Task instructions:
Print the data exactly. Omit the pictures.

[Source information — start]

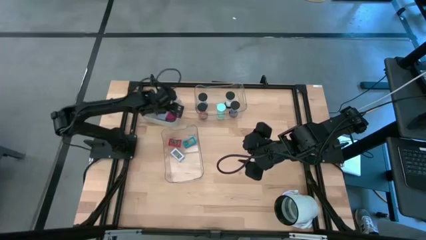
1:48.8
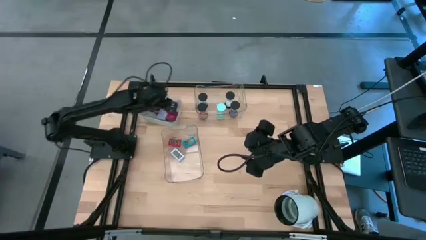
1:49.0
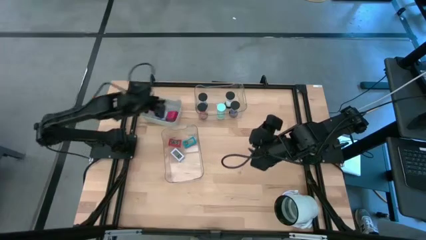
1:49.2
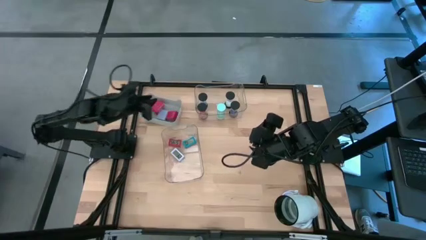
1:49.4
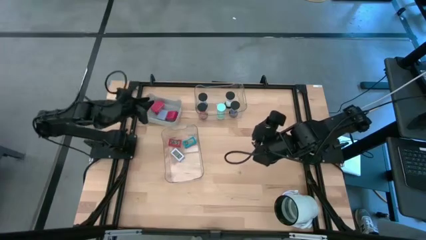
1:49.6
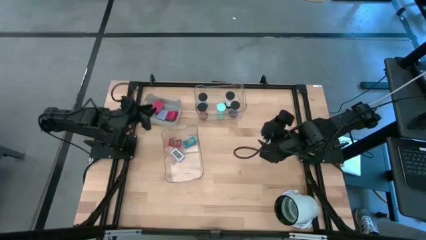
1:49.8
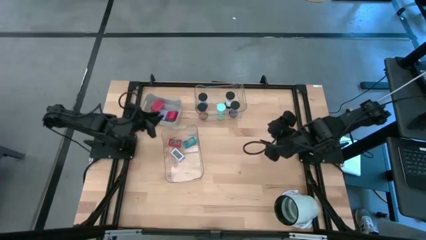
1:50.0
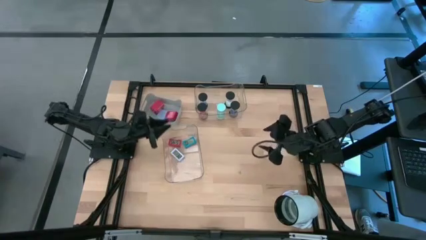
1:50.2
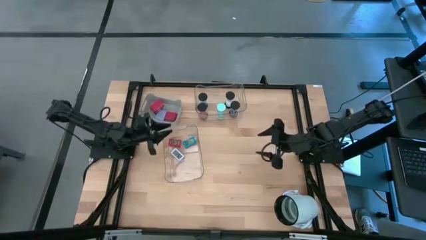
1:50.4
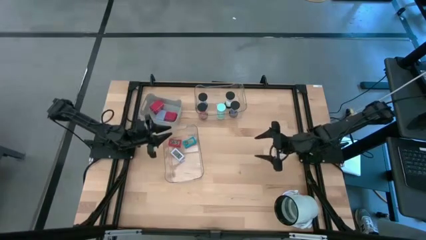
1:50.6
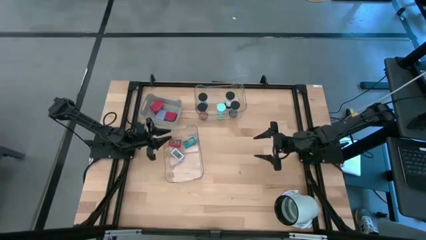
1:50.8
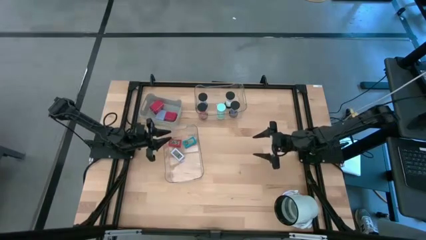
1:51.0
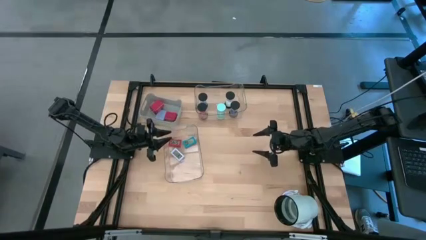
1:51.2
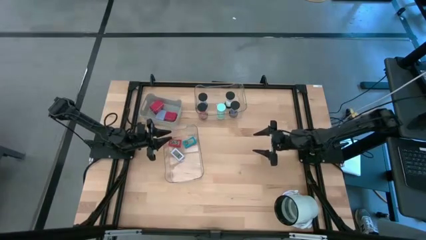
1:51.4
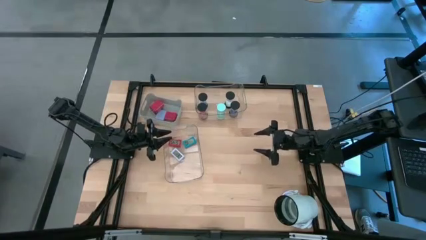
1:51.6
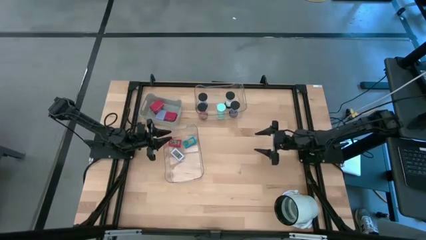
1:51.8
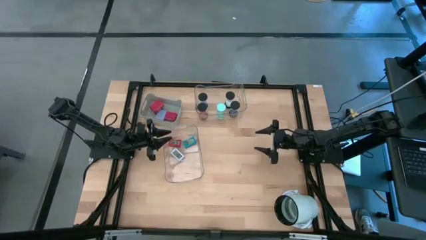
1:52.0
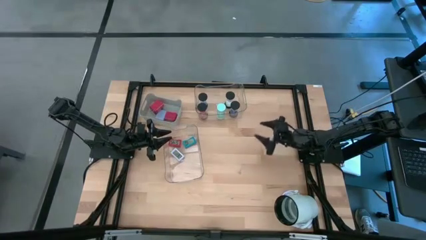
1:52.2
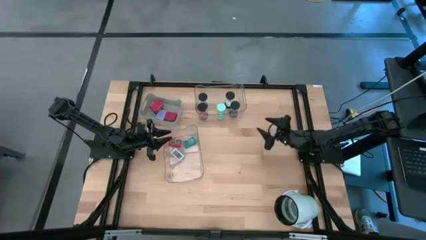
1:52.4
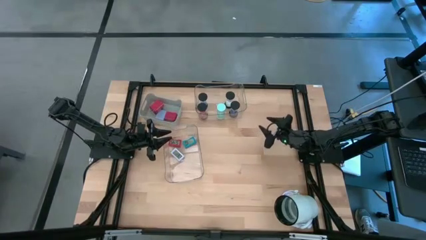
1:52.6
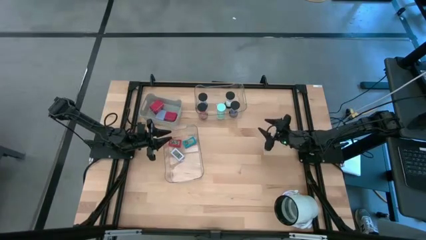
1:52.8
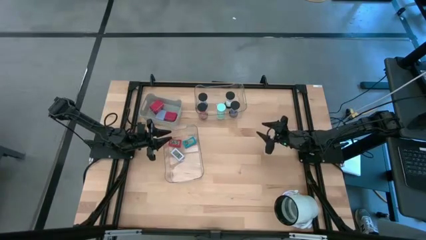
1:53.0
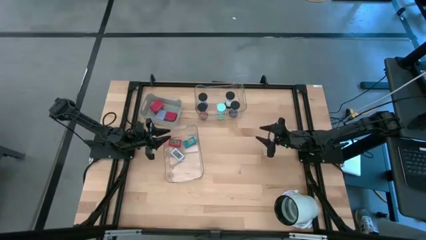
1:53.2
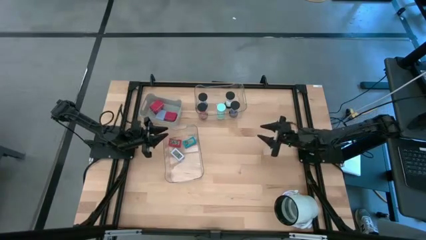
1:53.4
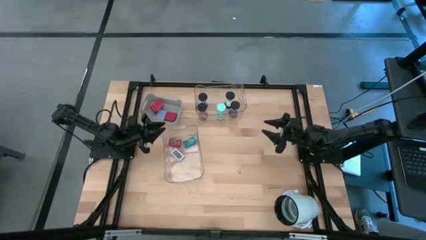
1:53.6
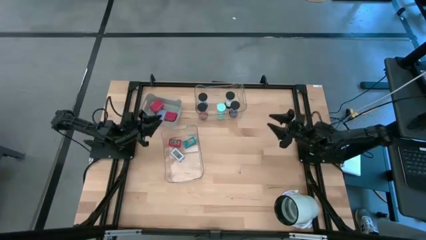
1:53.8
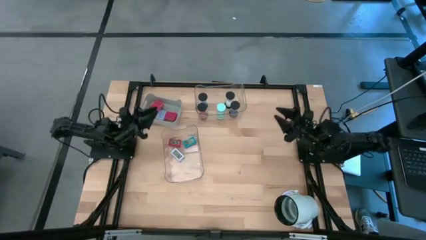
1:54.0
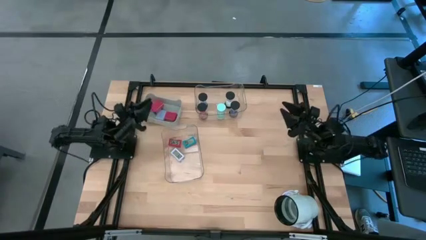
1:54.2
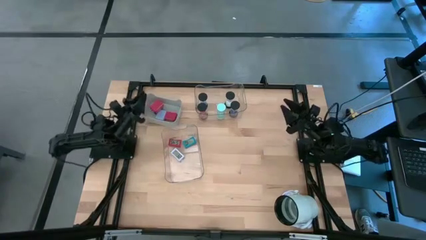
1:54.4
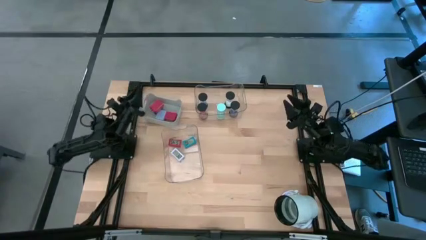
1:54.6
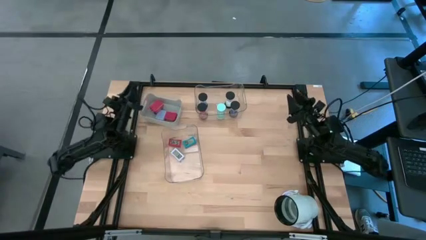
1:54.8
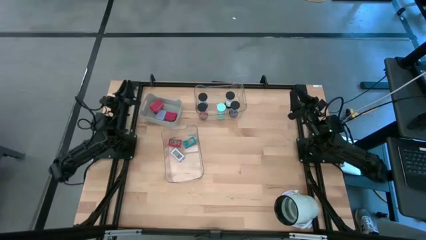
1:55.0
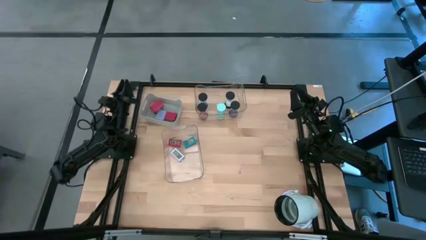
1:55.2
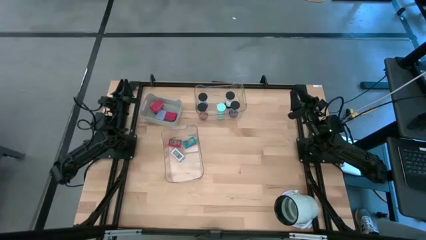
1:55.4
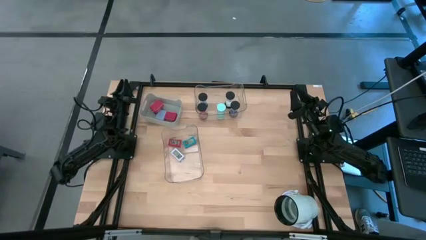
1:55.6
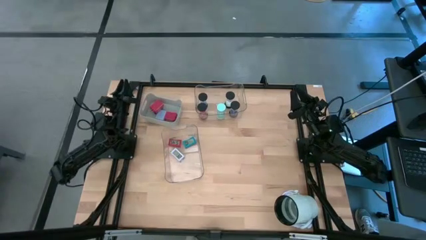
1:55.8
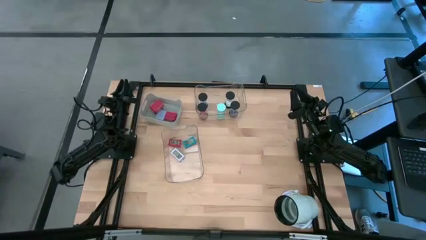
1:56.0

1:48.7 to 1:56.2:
Task: Pick & Place Office items
Return to Home Position

[Source information — finish]

Task answer:
1:48.8
1:49.0
1:49.2
1:49.4
1:49.6
1:49.8
1:50.0
1:50.2
1:50.4
1:50.6
1:50.8
1:51.0
1:51.2
1:51.4
1:51.6
1:51.8
1:52.0
1:52.2
1:52.4
1:52.6
1:52.8
1:53.0
1:53.2
1:53.4
1:53.6
1:53.8
1:54.0
1:54.2
1:54.4
1:54.6
1:54.8
1:55.0
1:55.2
1:55.4
1:55.6
1:55.8
1:56.0

1:48.7 to 1:56.2:
Task: Pick & Place Office items
Return to Home Position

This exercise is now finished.